精神健硕的老太太愣了愣,没有提醒安知自己比季识荆还要大上整整一辈,恐怕力有不逮,镇定地说:“好孩子,安心去吧,不怕。”
小狗以为是在喊自己,于是朝时奶奶汪了一声。
车子开往孟家的路上,安知的心情差到极点,完全不想和孟珂讲话,孟珂也有点不知道怎么开口,气氛非常僵硬。
眼看着快到了,安知突然感觉手里被塞了个什么东西,是一小块开心果牛轧糖。
“吃糖吗安知?”他的语气近乎于讨好:“这个真的很好吃。”
安知想起上次孟夜来生日,她在孟家遇到的那个老人,也给她塞了一颗奶糖,果然是一家人没跑了。
“谢谢,我不喜欢吃甜的。”安知把牛轧糖装进校服裤的口袋里。
“那你喜欢吃什么,我现在让厨房做,”孟珂轻轻戳她:“什么都可以哦。”
安知现在心里慌得一批,就想吃阮长风做的炸肉圆子,却只能高冷地说:“我没什么特别想吃的。”

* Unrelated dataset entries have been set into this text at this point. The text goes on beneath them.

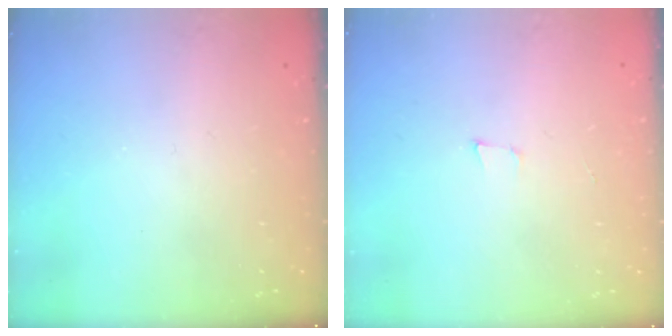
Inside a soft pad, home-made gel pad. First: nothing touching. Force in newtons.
{"total": 3.5, "press": 2.3, "slide": 2.6}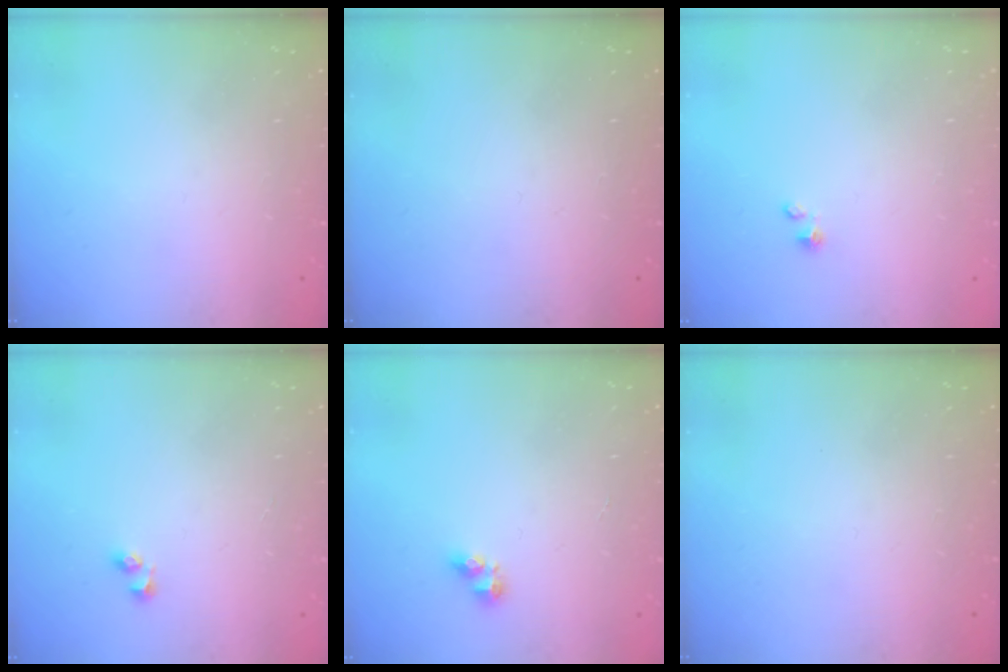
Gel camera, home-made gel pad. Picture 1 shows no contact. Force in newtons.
{"total": 0.0}
{"total": 1.5, "press": 1.5, "slide": 0.0}
{"total": 2.6, "press": 2.3, "slide": 1.2}
{"total": 6.1, "press": 6.1, "slide": 0.7}
{"total": 0.0}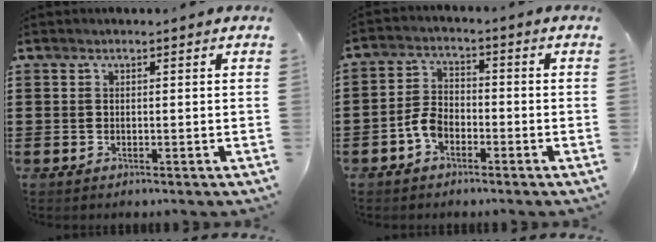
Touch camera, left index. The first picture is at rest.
{"total": 4.6, "force": [-2.4, 2.7, 2.8], "torque": [-0.080, 0.002, -0.053]}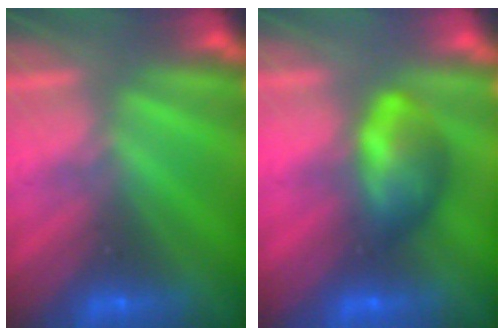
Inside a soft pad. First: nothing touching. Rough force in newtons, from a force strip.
{"total": 7.5}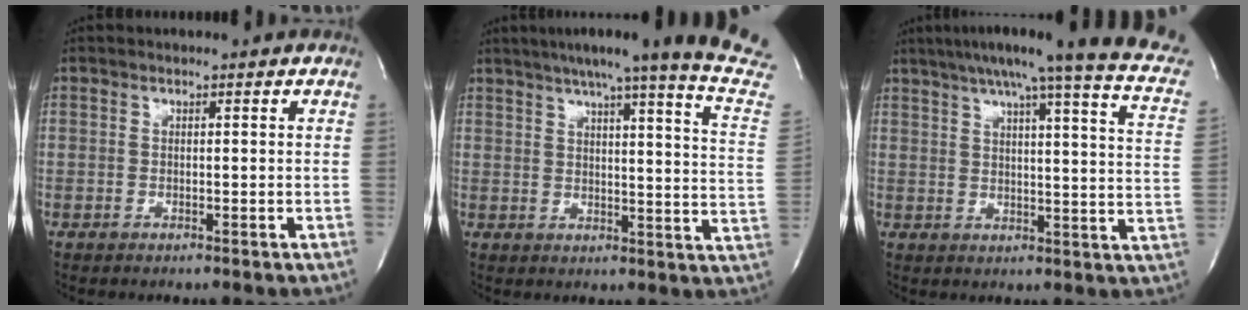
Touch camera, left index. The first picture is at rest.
{"total": 22.5, "force": [19.0, -1.2, 12.0], "torque": [-0.172, -0.061, 0.220]}
{"total": 21.6, "force": [16.1, 0.8, 14.3], "torque": [-0.210, -0.014, 0.186]}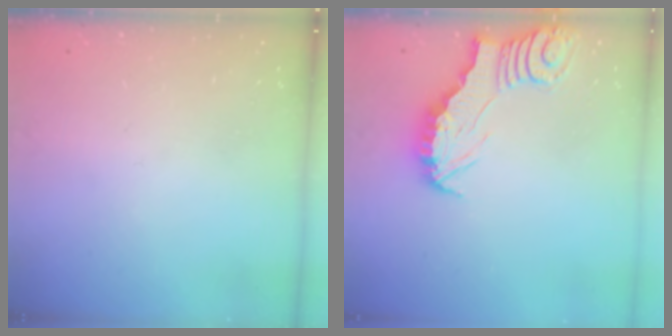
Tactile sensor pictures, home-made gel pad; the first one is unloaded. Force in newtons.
{"total": 2.5, "press": 2.5, "slide": 0.2}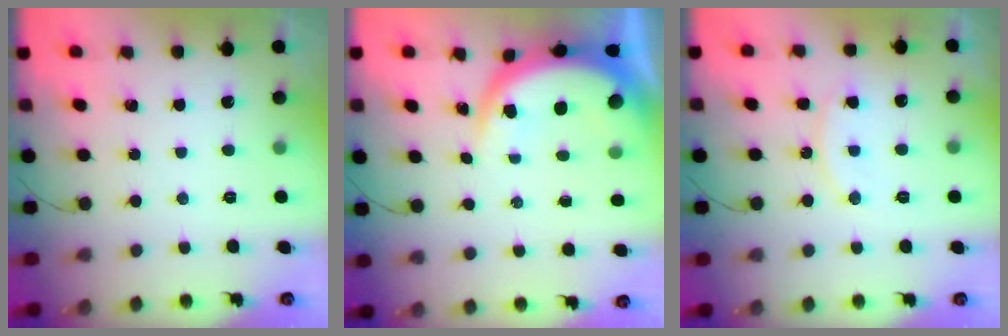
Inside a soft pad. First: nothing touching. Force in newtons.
{"total": 8.8, "press": 8.8, "slide": 0.9}
{"total": 9.8, "press": 9.7, "slide": 0.8}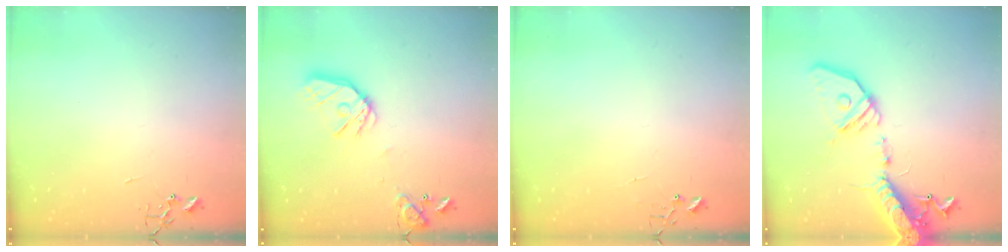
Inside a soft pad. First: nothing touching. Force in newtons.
{"total": 15.4, "press": 15.3, "slide": 2.1}
{"total": 5.0, "press": 5.0, "slide": 0.4}
{"total": 19.7, "press": 19.4, "slide": 3.9}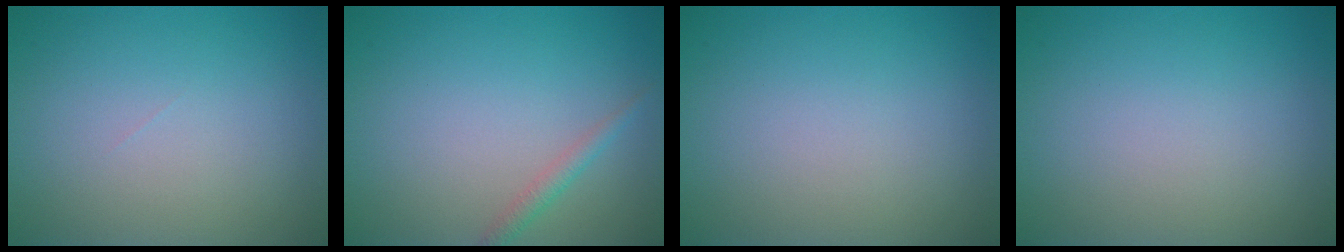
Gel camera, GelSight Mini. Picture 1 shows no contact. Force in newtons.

孟珂发愁地看着她,突然毫无征兆地吐出舌头,皱鼻子翻白眼,做了个极丑极怪的表情。
“你干嘛?”安知受不了绝色美人这样自毁形象:“为什么突然做鬼脸啊?”
“因为我想逗你开心啊……”孟珂仍然吐着舌头歪着嘴,说话的时候口水都快流下来了:“从小到大我一做鬼脸,人人都会笑的。”
安知只觉得惊悚,实在看不过,才勉强提了提嘴角:“笑和开心,是不一样的吧。”
孟珂恢复了正常的表情:“咱们到了。”
安知看到站在前路上等待的三人,都是上次见过的,坐着不想动。
“下了车,不开心也得笑。”孟珂用中指和拇指戳在自己雪白的腮上,向两侧撑出一个夸张的笑容:“老夫人年纪大了,最不喜欢看人苦着脸。”
安知闻言,直接抱起不怕,面无表情地开车门走了出去。
前方站着的三个孟家人神色各异,时隔大半年不见,安知的记忆已经有些模糊,倒是还记得年龄最接近的阿泽。
“安知,”阿泽的笑容中透出心满意足的愉悦:“欢迎回家。”
“你好,孟泽哥哥。”安知抱紧不怕,试图从小狗暖烘烘的身体中汲取热量,又转向孟怀远:“您好。”